Marketing Basics for Contractors
Welcome
Hello, and welcome. This is Super Structures General Contractors — a national general contractor headquartered in Powhatan, Virginia — here to help you and your clients build something that lasts. We're glad you're with us, and we look forward to connecting with you.
Let me tell you why Marketing Basics for Contractors pays off down the road. Here's the part that actually matters on the job: Marketing is a steady flow of the right work — know your customer, pick a niche, and build on reputation. Do this right and it shows up in your work, your reputation, and your paycheck.
Marketing isn't about being flashy — it's about a steady flow of the right jobs so you're not stuck chasing low-bid work.
Start with the fundamentals
- Know your customer — who you serve best (homeowners, GCs, commercial?) and where.
- Pick a niche/specialty — being known for something beats being "a little of everything."
- Reputation is the foundation — most contractor work comes from referrals and reviews (more on that ahead).
- Be easy to find and easy to reach — a missed call is a lost job.
Good marketing turns word-of-mouth into a system instead of luck.
Going Deeper (Intermediate)
Marketing is about consistently generating leads so you're never desperate (desperation = low bids).
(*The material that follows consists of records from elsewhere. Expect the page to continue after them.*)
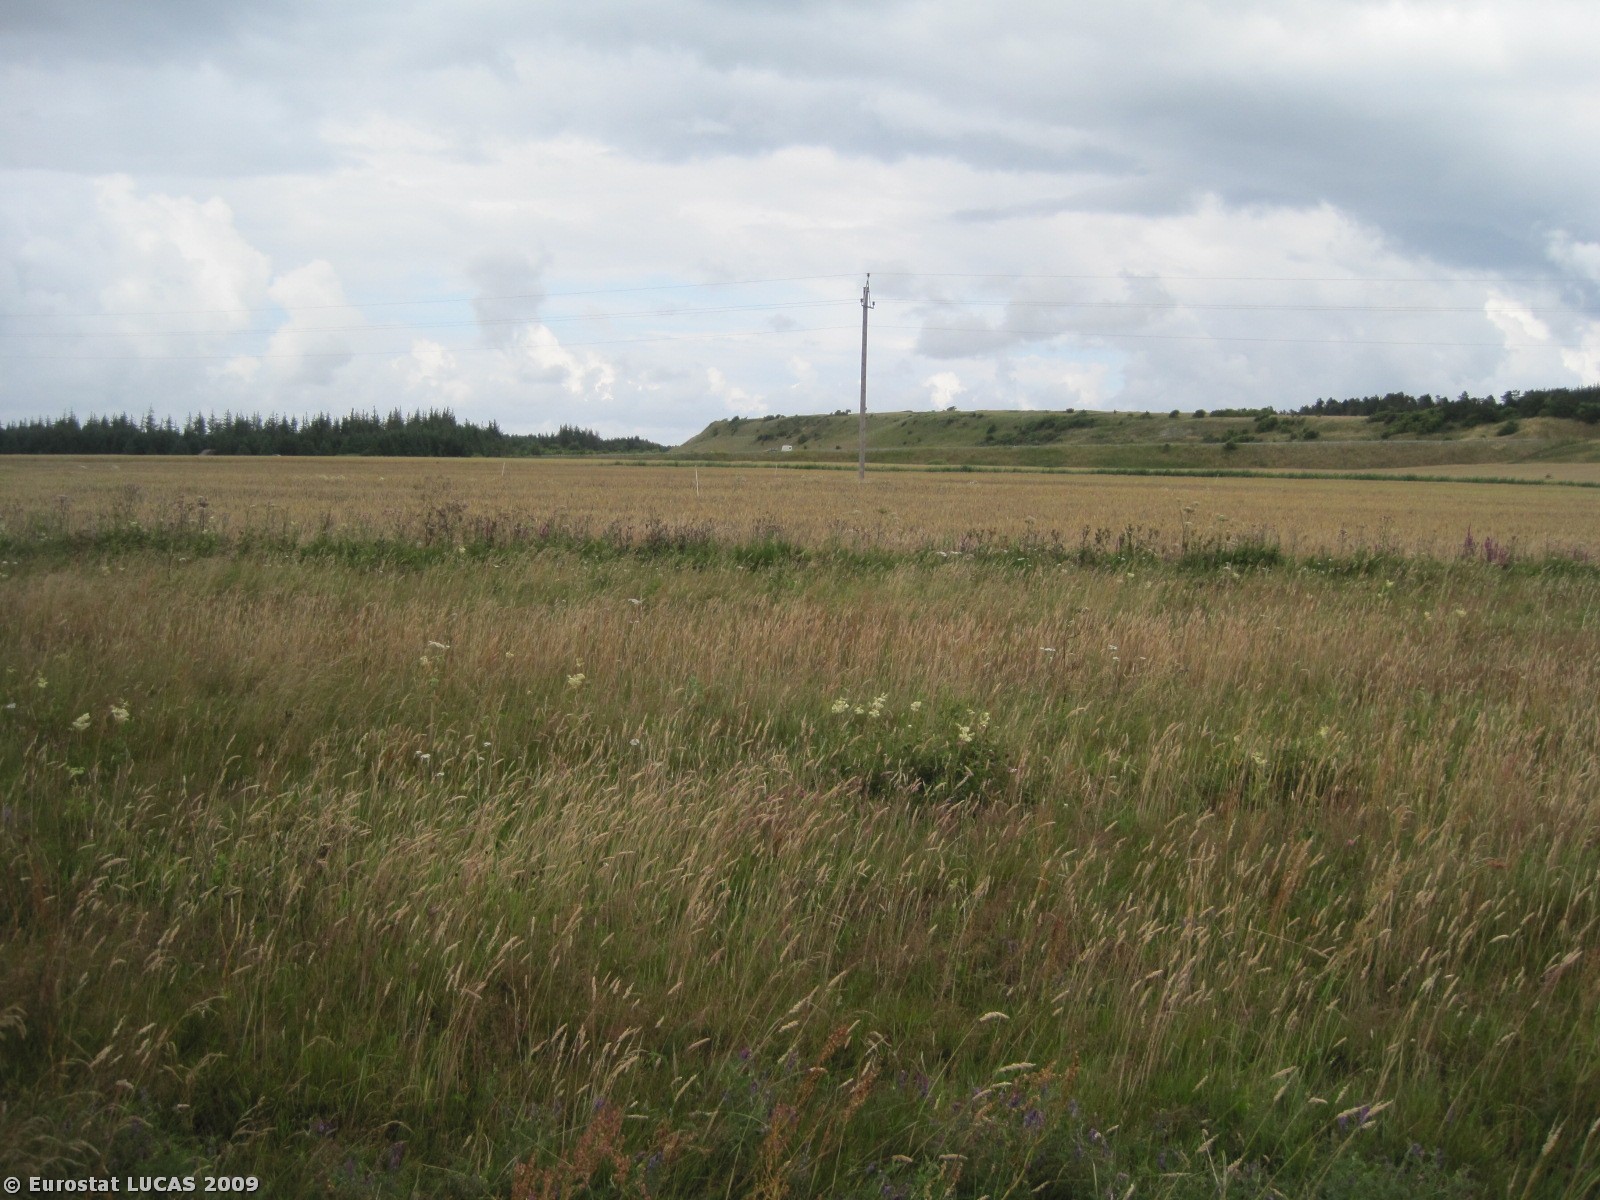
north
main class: Grassland
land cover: Grassland without tree/shrub cover
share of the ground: > 75 %
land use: Unused
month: July
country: DK
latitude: 57.0628
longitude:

Know your target client and niche, your differentiator, and the few channels you do well. Reputation and referrals are the foundation; everything else amplifies them.
Advanced / Pro-Level
Marketing as a measured system:
- The funnel: awareness → lead → sale. Plug the leaks at each stage.
- Target a niche / ideal client rather than "anyone with money" — focus wins.
- Set a marketing budget (a small % of revenue) and measure cost-per-lead and ROI by channel.
- Mix referrals, online presence, reviews, relationships, and paid ads — and favor consistency over sporadic bursts. Marketing you do steadily beats a big push you abandon.
Practice Challenge
A contractor only markets when work gets slow, then stops once busy. Why does this hurt margins? (Answer: the feast-or-famine cycle leaves him desperate during the famine, forcing low bids to fill the pipeline; consistent marketing keeps a steady backlog so he can hold prices and pick better work.)
In Practice
A contractor who's 'a little of everything' is memorable to no one; one known as 'the deck guy' gets the calls. A clear niche and reputation beat scattered marketing.
Common Mistakes to Avoid
- Trying to be everything to everyone
- Being slow or hard to reach
- Relying on luck instead of a system
Takeaway: Marketing is a steady flow of the right work — know your customer, pick a niche, and build on reputation.
Educational content — not legal, insurance, or financial advice. Work with a licensed insurance agent and attorney for your specific situation.